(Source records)
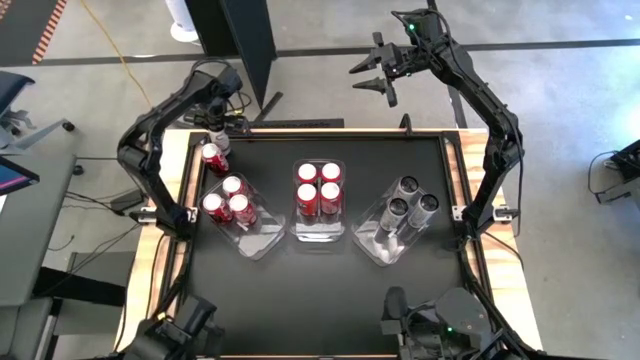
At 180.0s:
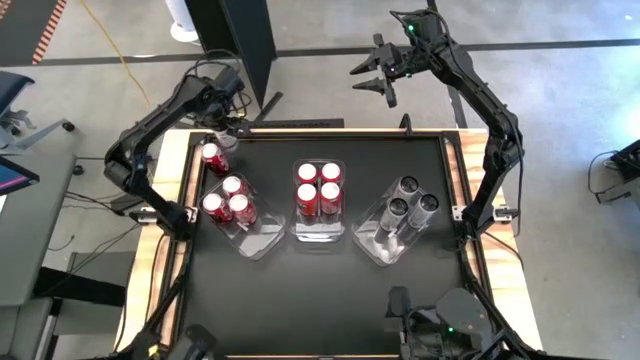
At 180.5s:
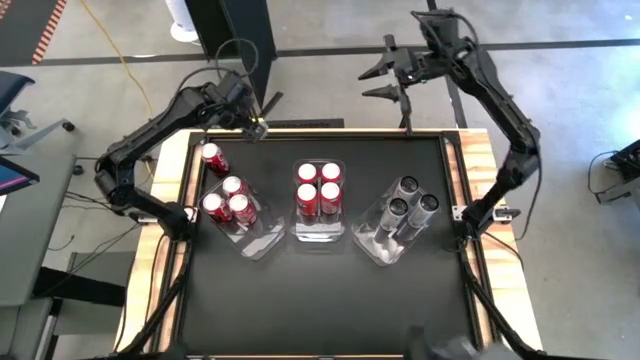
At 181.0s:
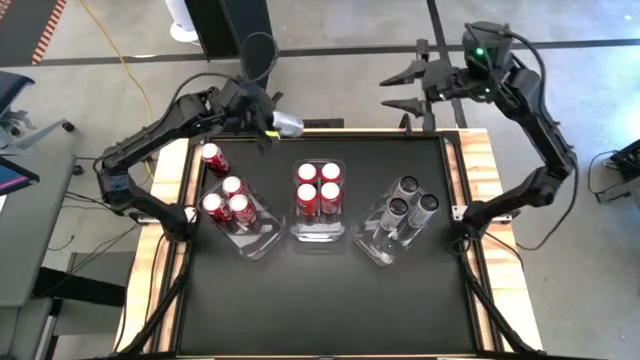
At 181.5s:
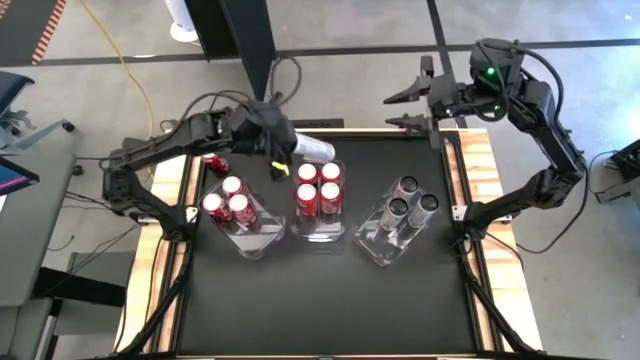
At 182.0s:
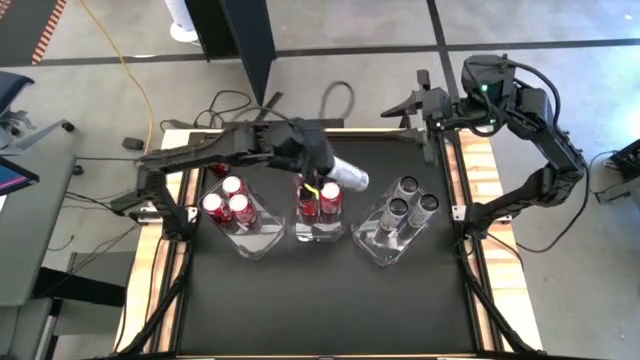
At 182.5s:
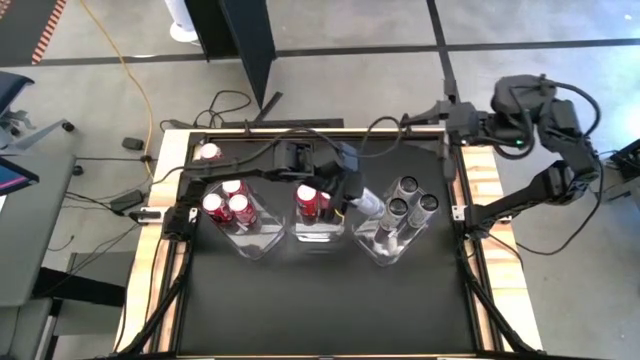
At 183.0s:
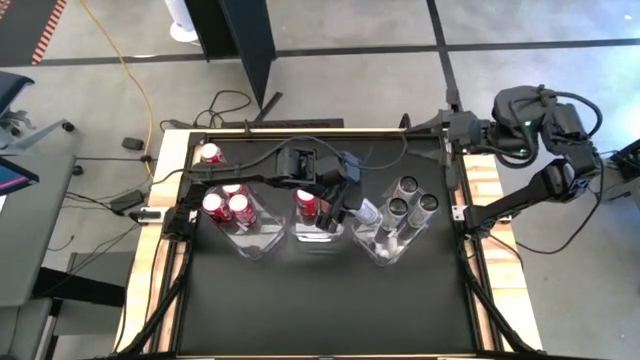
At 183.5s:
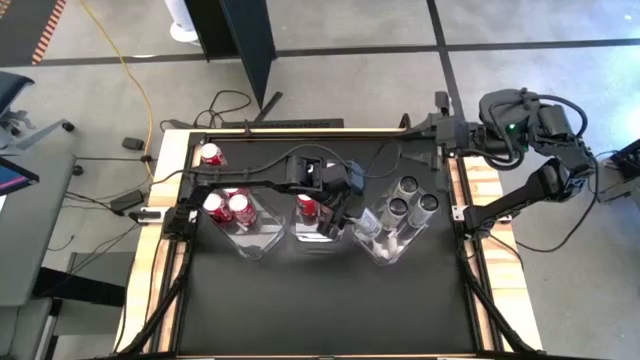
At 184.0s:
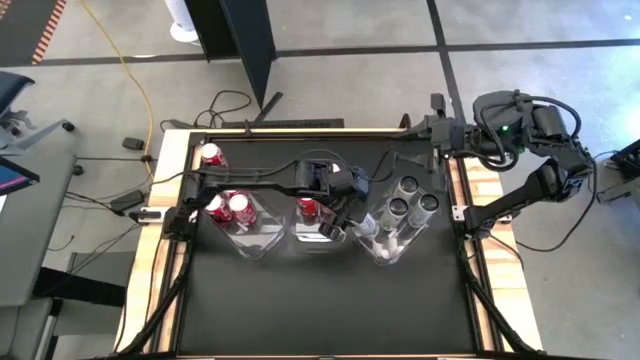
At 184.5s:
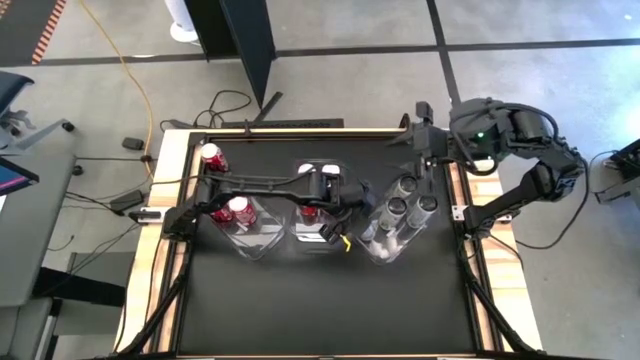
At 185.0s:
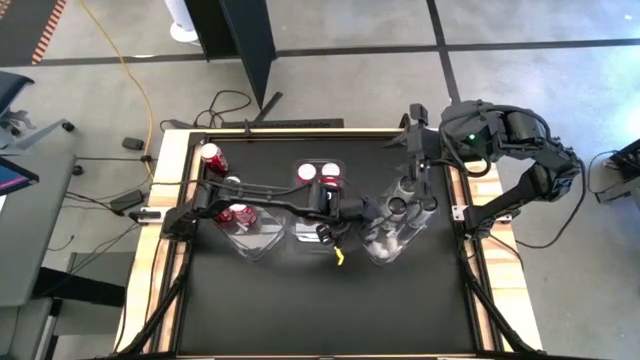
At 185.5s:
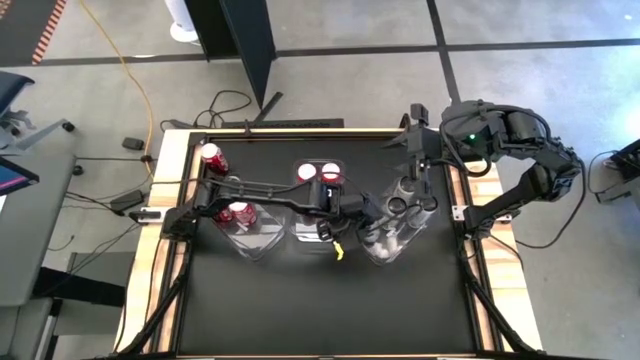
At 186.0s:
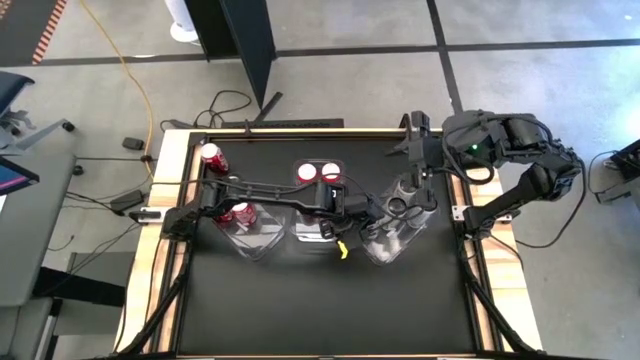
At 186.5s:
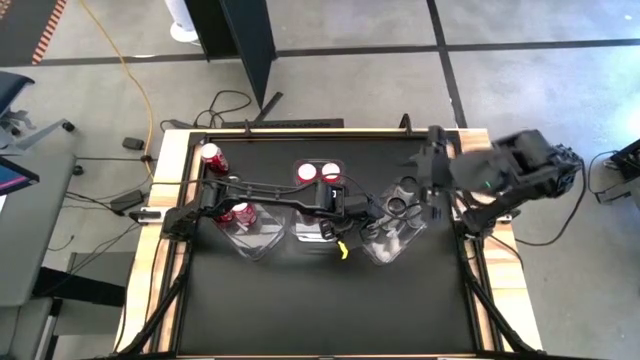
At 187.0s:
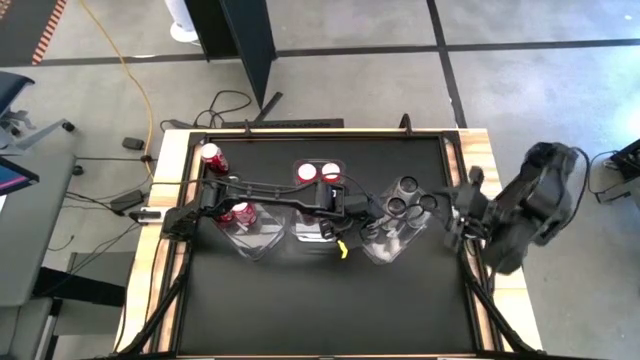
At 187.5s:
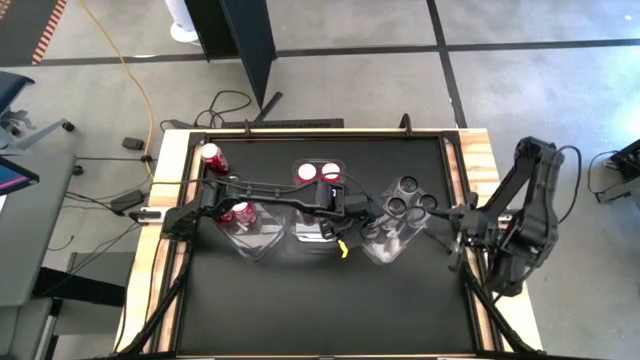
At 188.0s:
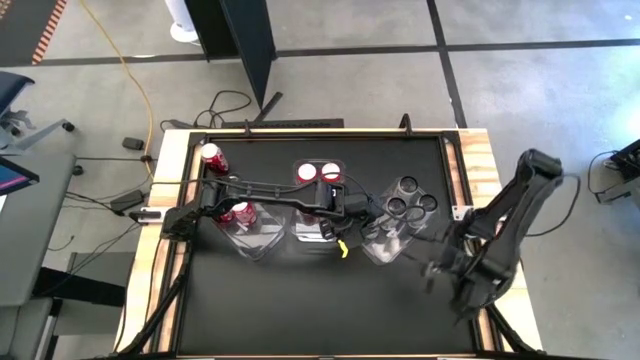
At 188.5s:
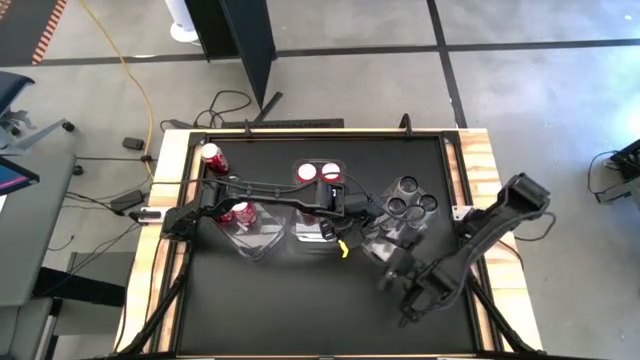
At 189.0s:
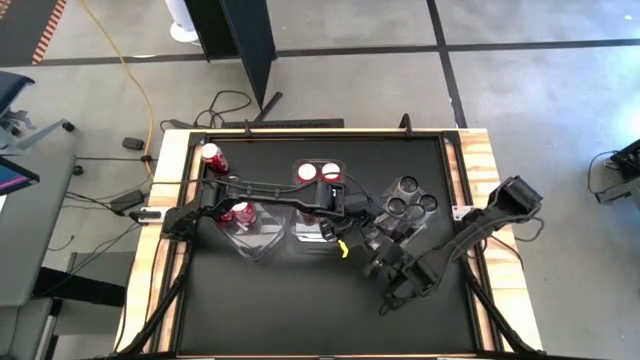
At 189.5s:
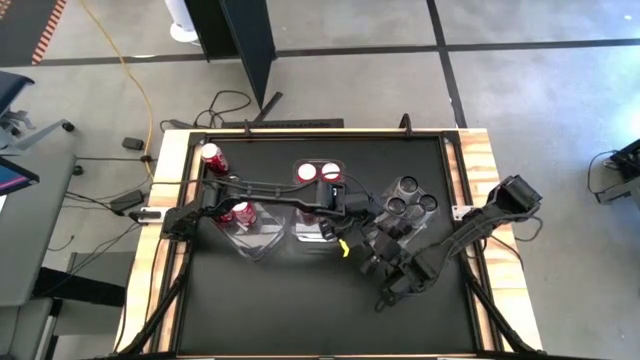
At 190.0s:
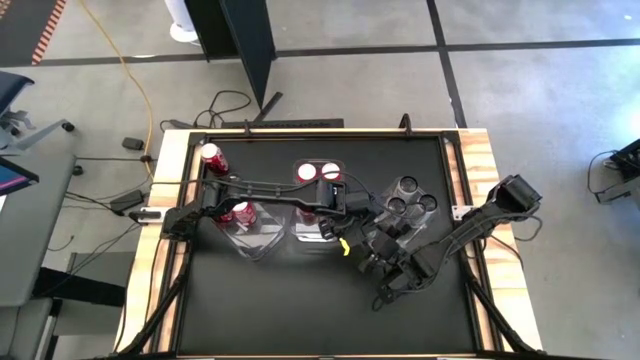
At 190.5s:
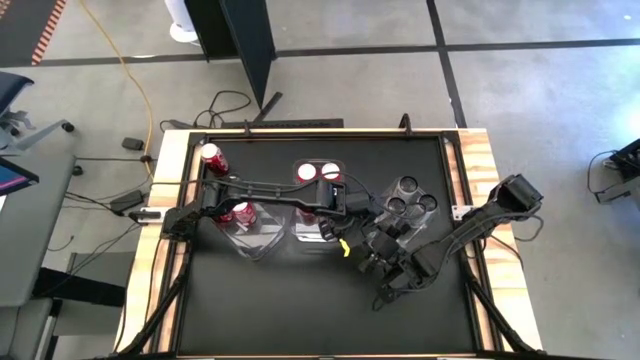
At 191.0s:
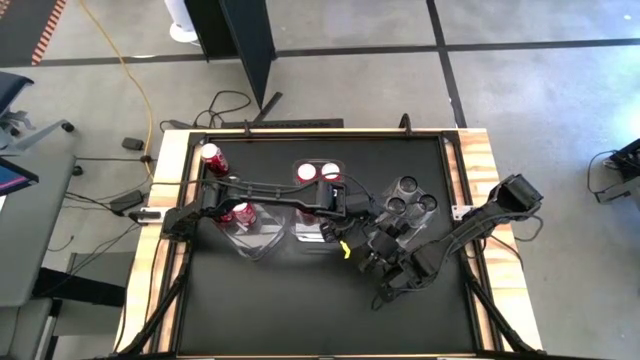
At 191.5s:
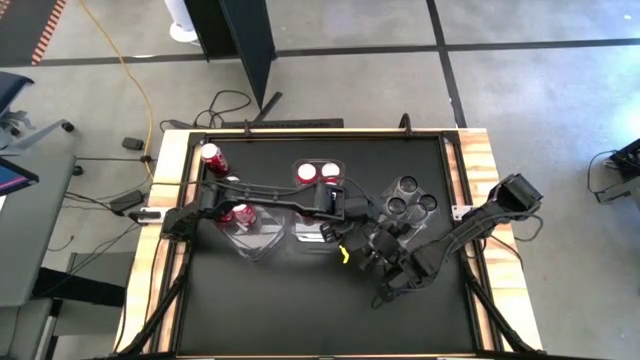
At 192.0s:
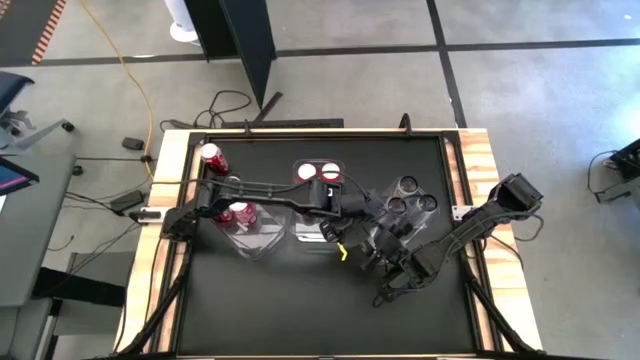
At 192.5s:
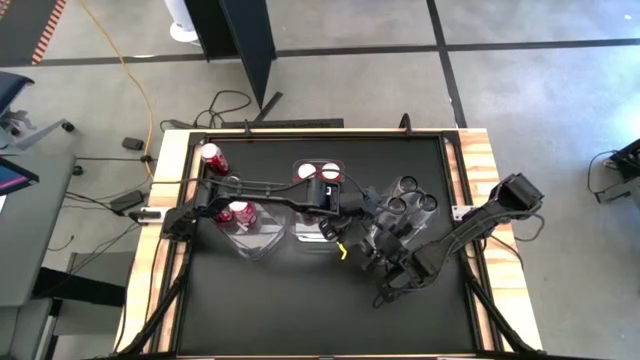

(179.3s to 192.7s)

### What needs to be done
Skipping the pictures, transcribe each line above exactly as it appears.

### Answer space
At 180.0s:
At 180.5s:
At 181.0s:
At 181.5s:
At 182.0s:
At 182.5s:
At 183.0s:
At 183.5s:
At 184.0s:
At 184.5s:
At 185.0s:
At 185.5s:
At 186.0s:
At 186.5s:
At 187.0s:
At 187.5s:
At 188.0s:
At 188.5s:
At 189.0s:
At 189.5s:
At 190.0s:
At 190.5s:
At 191.0s:
At 191.5s:
At 192.0s:
At 192.5s:

(179.3s to 192.7s)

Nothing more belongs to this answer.